Jose Quesada: Right. So there is this a myth that you need a lot of data and lots of compute power to do anything with deep learning. That is not true in my experience. Many of the projects are done on data that the team generated themselves, they label themselves, and the compute time is not that long. So the longest compute times we’ve had were with Gans and those guys had a Titan running for two weeks, something like that but in general they don’t need that much compute power. They just use AWS or more recently Google Colab and they are pretty okay with that so that tells me that you definitely don’t need that much compute power. Also, if you pick the right projects, you usually have a pre-trained model that has done most of the heavy lifting for you and then you just have to retrain the network for your specific circumstances.
Kirill Eremenko: Tell us a little bit more about that how does a pre-trained model work? That’s quite hard to imagine. If my project is new, nobody’s done it before how come there’s already deep learning model I can take and it’s already going to be working, I just have to change the last layer. What does that mean?
Jose Quesada: Right. Okay, so let’s imagine that in your portfolio project you need to detect trees or cars to segment them out of the picture for whatever reason. You’re looking at sidewalks for example and you want to just have sidewalk data, not trees or bicycles or cars. So then you can take a model that is pre-trained to detect any object and to do object segmentation and then just use that to segment the trees and the bicycles and the cars and that’s it so you are done, you don’t need to train the model for that.

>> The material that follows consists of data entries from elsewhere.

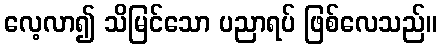
လေ့လာ၍ သိမြင်သော ပညာရပ် ဖြစ်လေသည်။
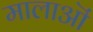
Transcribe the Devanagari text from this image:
मालाऒं
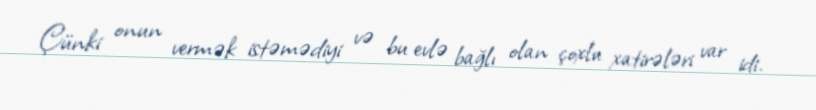
Çünki onun vermək istəmədiyi və bu evlə bağlı olan çoxlu xatirələri var idi.
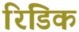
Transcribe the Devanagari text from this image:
रिडिक
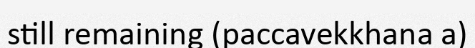
still remaining (paccavekkhana a)
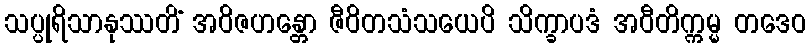
သပ္ပုရိသာနုဿတိံ အဝိဇဟန္တော ဇီဝိတသံသယေပိ သိက္ခာပဒံ အဝီတိက္ကမ္မ တဒေဝ
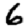
Digit: 6
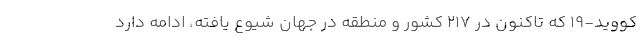
کووید-۱۹ که تاکنون در ۲۱۷ کشور و منطقه در جهان شیوع یافته، ادامه دارد
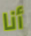
أنا
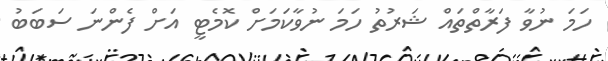
ހަމަ ނުވާ ފަރާތްތައް ޝަރުތު ހަމަ ނުވާކަމަށް ކޮމެޓީ އަށް ފެންނަ ސަބަބު
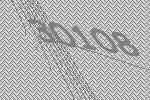
30108
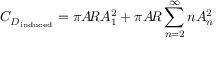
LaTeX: C _ { D _ { \mathrm { i n d u c e d } } } = \pi A \! R A _ { 1 } ^ { 2 } + \pi A \! R \sum _ { n = 2 } ^ { \infty } n A _ { n } ^ { 2 }
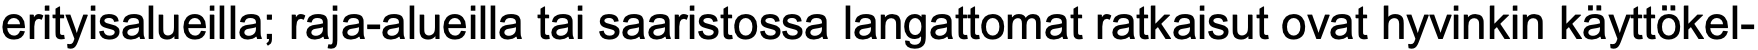
erityisalueilla; raja-alueilla tai saaristossa langattomat ratkaisut ovat hyvinkin käyttökel-
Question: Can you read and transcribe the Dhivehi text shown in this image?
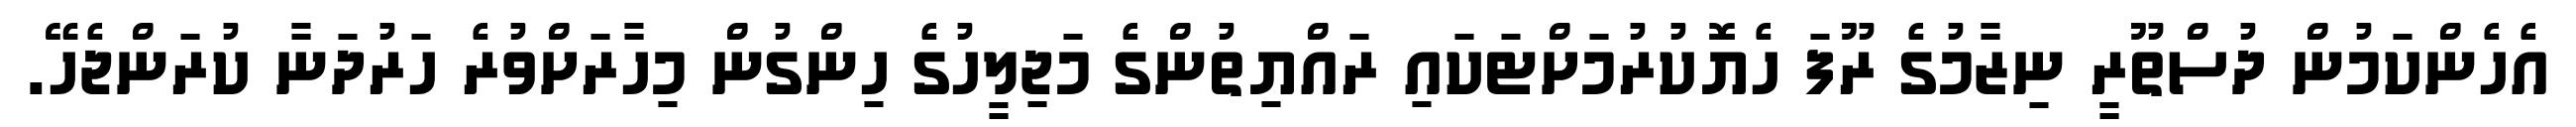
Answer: އެހެންކަމުން ދުސްތޫރީ ނިޒާމުގެ ރޫފަ ހެޔޮކުރުމަށްޓަކައި ރައްޔިތުންގެ މަޖިލީހުގެ ހިންގުން މިހާރަށްވުރެ ހަރުދަނާ ކުރަންޖެހޭ.
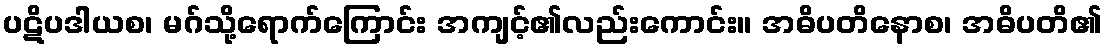
ပဋိပဒါယစ၊ မဂ်သို့ရောက်ကြောင်း အကျင့်၏လည်းကောင်း။ အဓိပတိနောစ၊ အဓိပတိ၏
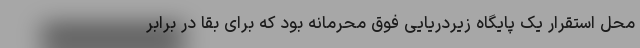
محل استقرار یک پایگاه زیردریایی فوق محرمانه بود که برای بقا در برابر
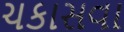
ચકાસવા
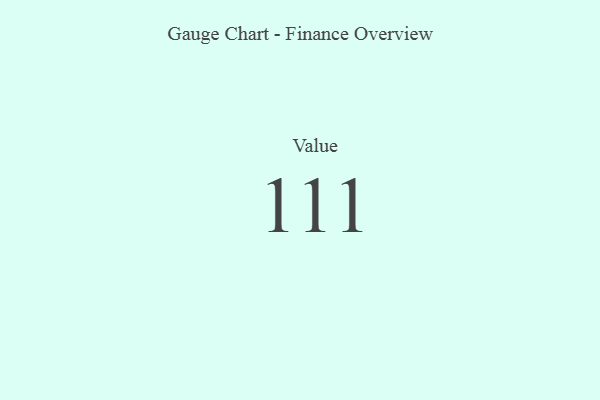
{"axis": {"x": "Metric", "y": "Value"}, "legend": [""], "data": [{"x": "Value", "y": 111, "type": ""}]}
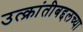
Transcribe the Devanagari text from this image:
उत्क्रांतीबद्दलच्या
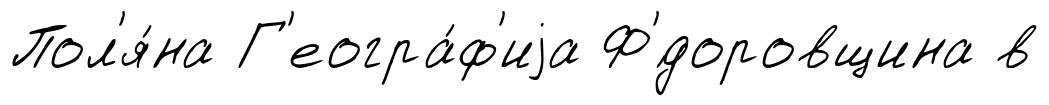
Пол'я́на Г'еогра́ф'иjа Ф'́доровщина в
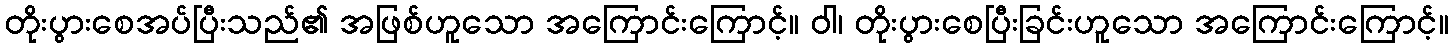
တိုးပွားစေအပ်ပြီးသည်၏ အဖြစ်ဟူသော အကြောင်းကြောင့်။ ဝါ၊ တိုးပွားစေပြီးခြင်းဟူသော အကြောင်းကြောင့်။
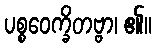
ပစ္စဝေက္ခိတဗ္ဗာ၊ ၏။
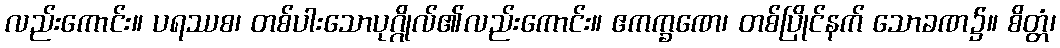
လည်းကောင်း။ ပရဿစ၊ တစ်ပါးသောပုဂ္ဂိုလ်၏လည်းကောင်း။ ဧကက္ခဏေ၊ တစ်ပြိုင်နက် သောခဏ၌။ စိတ္တံ၊
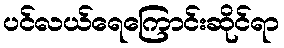
ပင်လယ်ရေကြောင်းဆိုင်ရာ
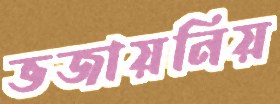
ভজায়নিয়
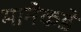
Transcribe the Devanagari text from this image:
मानेकडे
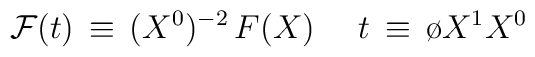
{\cal F}(t) \, \equiv \, (X^0)^{-2} \, F(X) \, \quad \, t \, \equiv\, {\o{X^1}{X^0}}
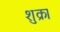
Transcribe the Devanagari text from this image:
शुक्र।
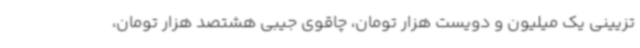
تزیینی یک میلیون و دویست هزار تومان، چاقوی جیبی هشتصد هزار تومان،
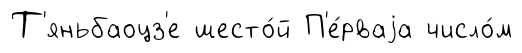
Т'яньбаоцз'е шесто́й П'е́рваjа число́м
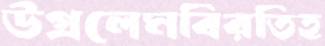
উগ্‌রলেমবিরতিহ
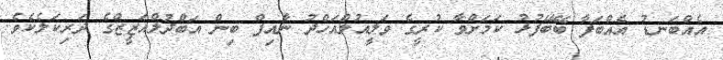
އެއްބަނޑު އެއްބަފާ ބޭބޭފުޅު ކަމަށްވާ ކުރީގެ ވަލީއުލްއަހްދު ނާއިފް ބިން އަބްދުލްއަޒީޒްގެ ދަރިކަލެކެވެ.
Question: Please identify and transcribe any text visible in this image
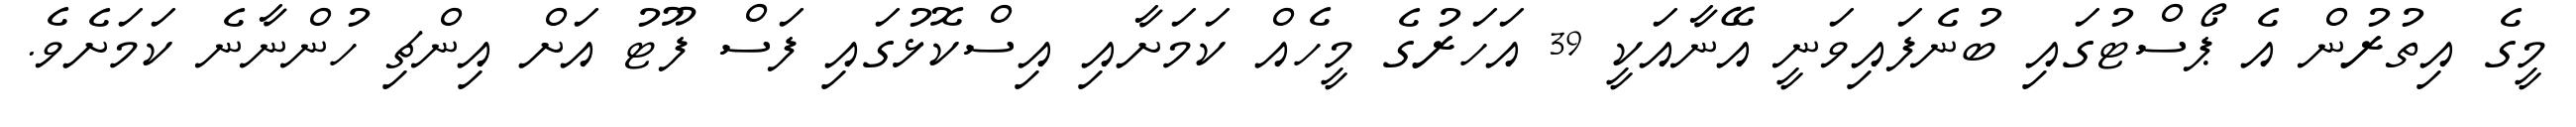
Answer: މީގެ އިތުރުން އެ ޕޯސްޓުގައި ބުނެފައިވަނީ އޭނާއަކީ 39 އަހަރުގެ މީހެއް ކަމަށާއި އިސްކޮޅުގައި ފަސް ފޫޓު އަށް އިންޗި ހުންނާނެ ކަމަށެވެ.
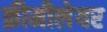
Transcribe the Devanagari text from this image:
क्रीमीलेयर
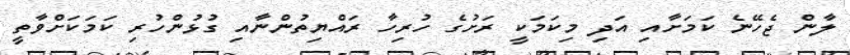
ލާން ޖެހޭނެ ކަމަށާއި އަދި މިކަމަކީ ރަށުގެ ހުރިހާ ރައްޔިތުންނާއި ގުޅުންހުރި ކަމަކަށްވާތީ
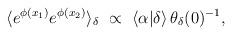
LaTeX: \begin{align*}\langle e^{\phi(x_1)}e^{\phi(x_2)}\rangle_{\delta}~\propto~\langle\alpha|\delta\rangle\,\theta_{\delta}(0)^{-1},\end{align*}
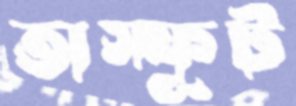
অস্ফূট
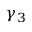
\gamma _ { 3 }
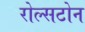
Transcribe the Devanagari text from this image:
रोल्सटोन
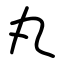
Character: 丸
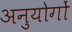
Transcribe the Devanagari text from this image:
अनुयोगों
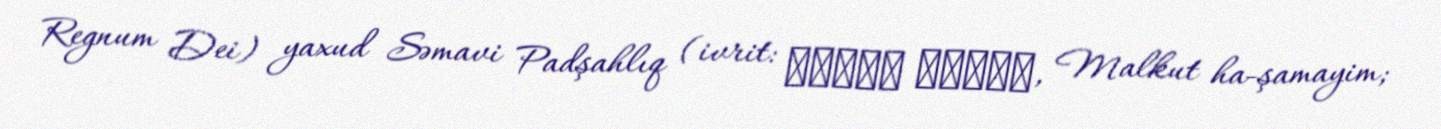
Regnum Dei) yaxud Səmavi Padşahlıq (ivrit: מלכות השמים, Malkut ha-şamayim;
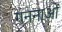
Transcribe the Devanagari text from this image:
गननाओं
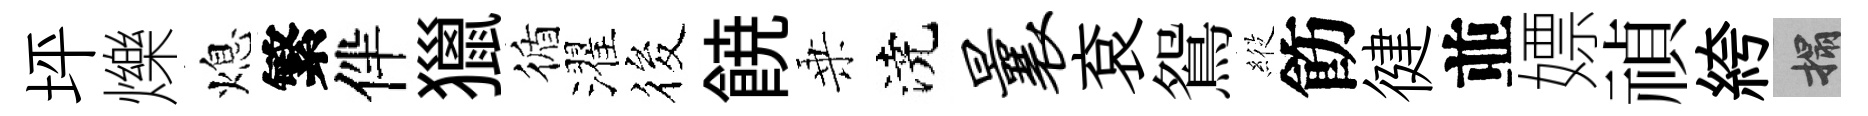
坪爍熄繁伴獵循濯筱𩜙乗澆曩袞鴛𦂵飭徤並嫖禎絝搨
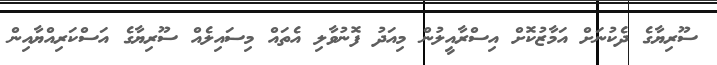
ސޫރިޔާގެ ދެކުނަށް އަމާޒުކޮށް އިސްރާއީލުން މިއަދު ފޮނުވާލި އެތައް މިސައިލެއް ސޫރިޔާގެ އަސްކަރިއްޔާއިން
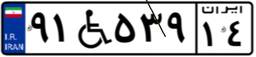
۹۱W۵۳۹۱۴
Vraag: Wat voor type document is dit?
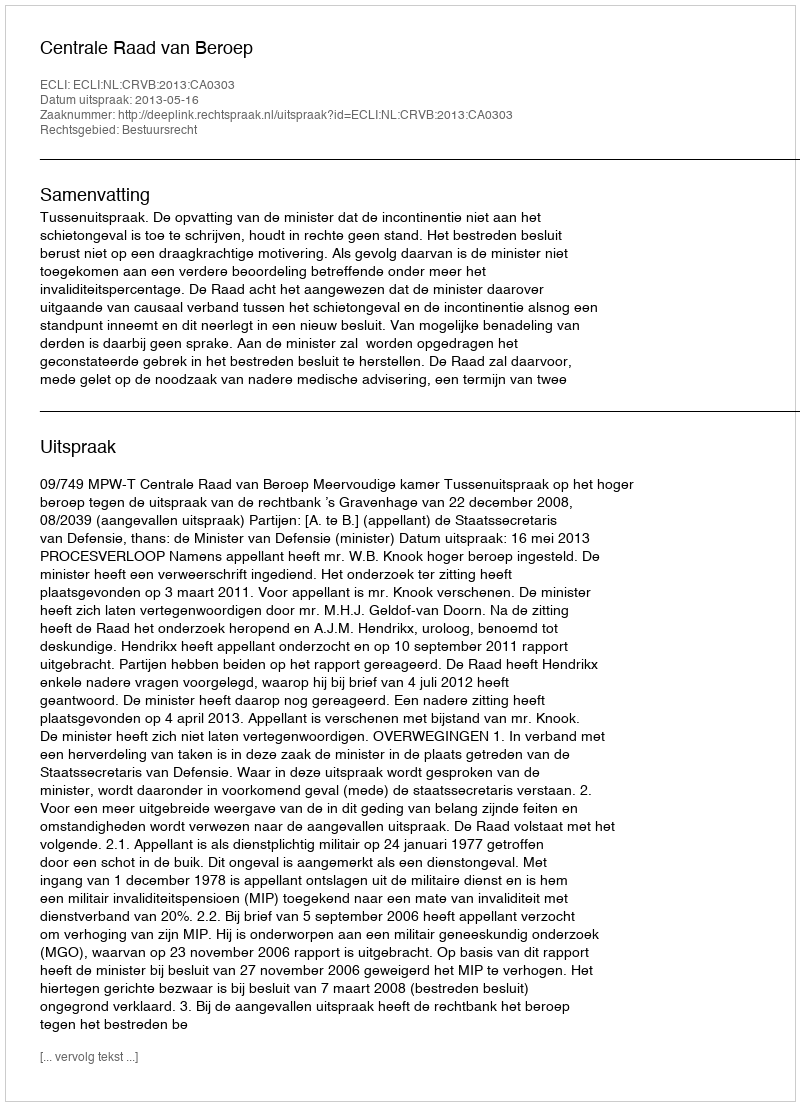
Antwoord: Uitspraak
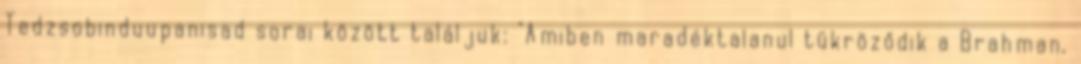
Tedzsobinduupanisad sorai között találjuk: "Amiben maradéktalanul tükröződik a Brahman,
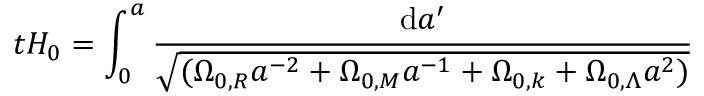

Jose Quesada: If you need to do things for different types of sidewalks, that’s very specific your model that you’ve downloaded somewhere, may not know anything about sidewalks then you may have to train the model to say, okay, this is a bike path, this is as stone type of sidewalk, this is a flat stone sidewalk and you may need the extra training. But this is saving you a lot of time already just by not having to train a model to detect cars, trees and so on that’s fantastic and this is a super power that we got very recently when people started sharing pre-trained models which was not the case 10 years ago.
Kirill Eremenko: But what was that you mentioned earlier about just replacing the last layer of a model?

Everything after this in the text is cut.